Leave out the pictures and print precisely the lines from the line with "An aerial image. It shows: Quarry area." to the final line of the entries, both ends included.

Segment Start: Data to examine

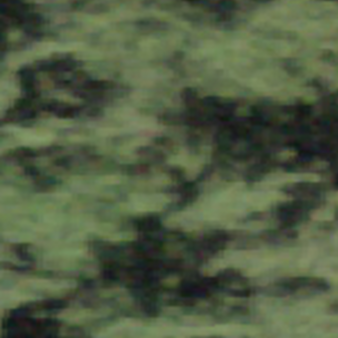
Label: other
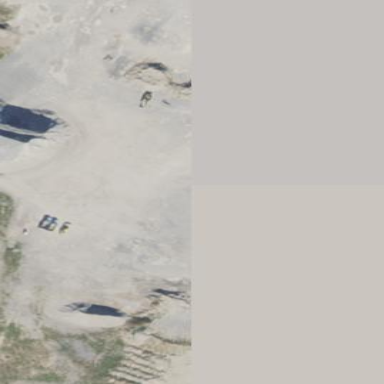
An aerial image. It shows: Quarry area.
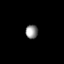
Tissue: prostate
Cell type: T cells
Senescence score: 0.7249
Nuclear area (px): 163
Mean DAPI intensity: 143.368
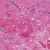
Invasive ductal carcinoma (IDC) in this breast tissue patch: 1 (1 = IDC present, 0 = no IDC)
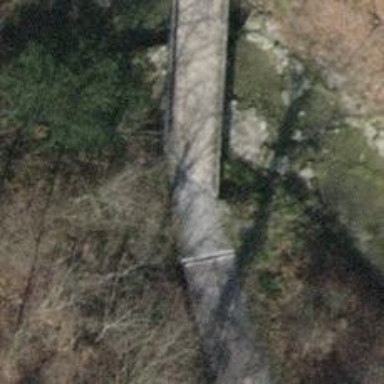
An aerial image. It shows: Track passing over bridge with grade 2 tracktype.
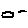
Label: cloud
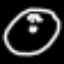
Label: clock
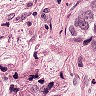
Metastatic tissue present: yes
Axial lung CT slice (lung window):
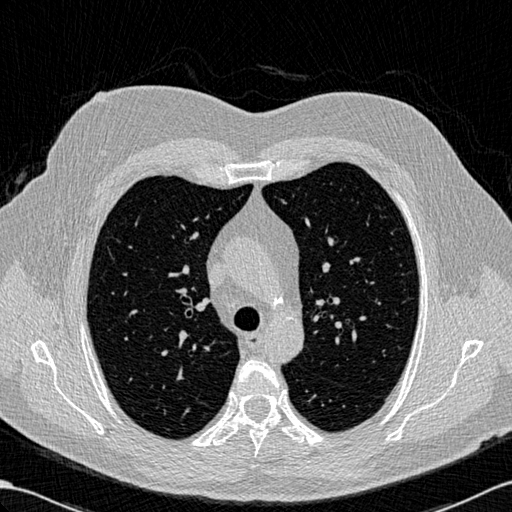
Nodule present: no
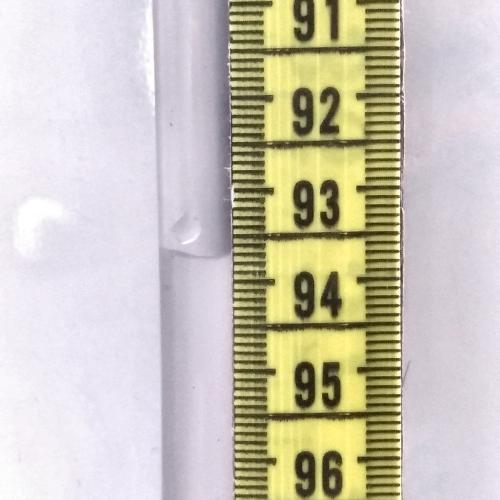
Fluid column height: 93.7 cm
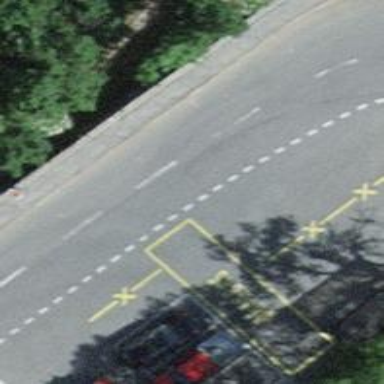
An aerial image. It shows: Public transport stop position.
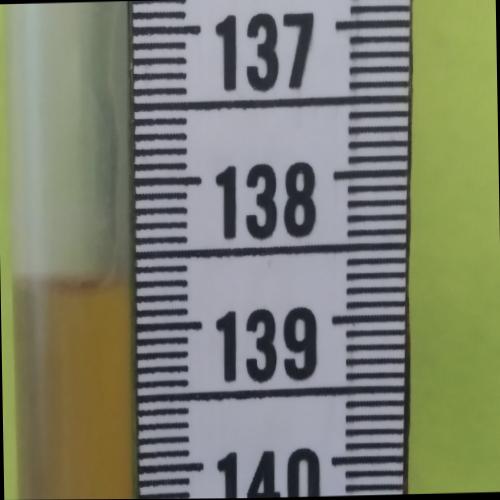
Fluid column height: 138.7 cm
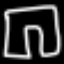
Label: pants

Segment End: Data to examine

• **Worked solution**:
An aerial image. It shows: Quarry area.
Tissue: prostate
Cell type: T cells
Senescence score: 0.7249
Nuclear area (px): 163
Mean DAPI intensity: 143.368
Invasive ductal carcinoma (IDC) in this breast tissue patch: 1 (1 = IDC present, 0 = no IDC)
An aerial image. It shows: Track passing over bridge with grade 2 tracktype.
Label: cloud
Label: clock
Metastatic tissue present: yes
Axial lung CT slice (lung window):
Nodule present: no
Fluid column height: 93.7 cm
An aerial image. It shows: Public transport stop position.
Fluid column height: 138.7 cm
Label: pants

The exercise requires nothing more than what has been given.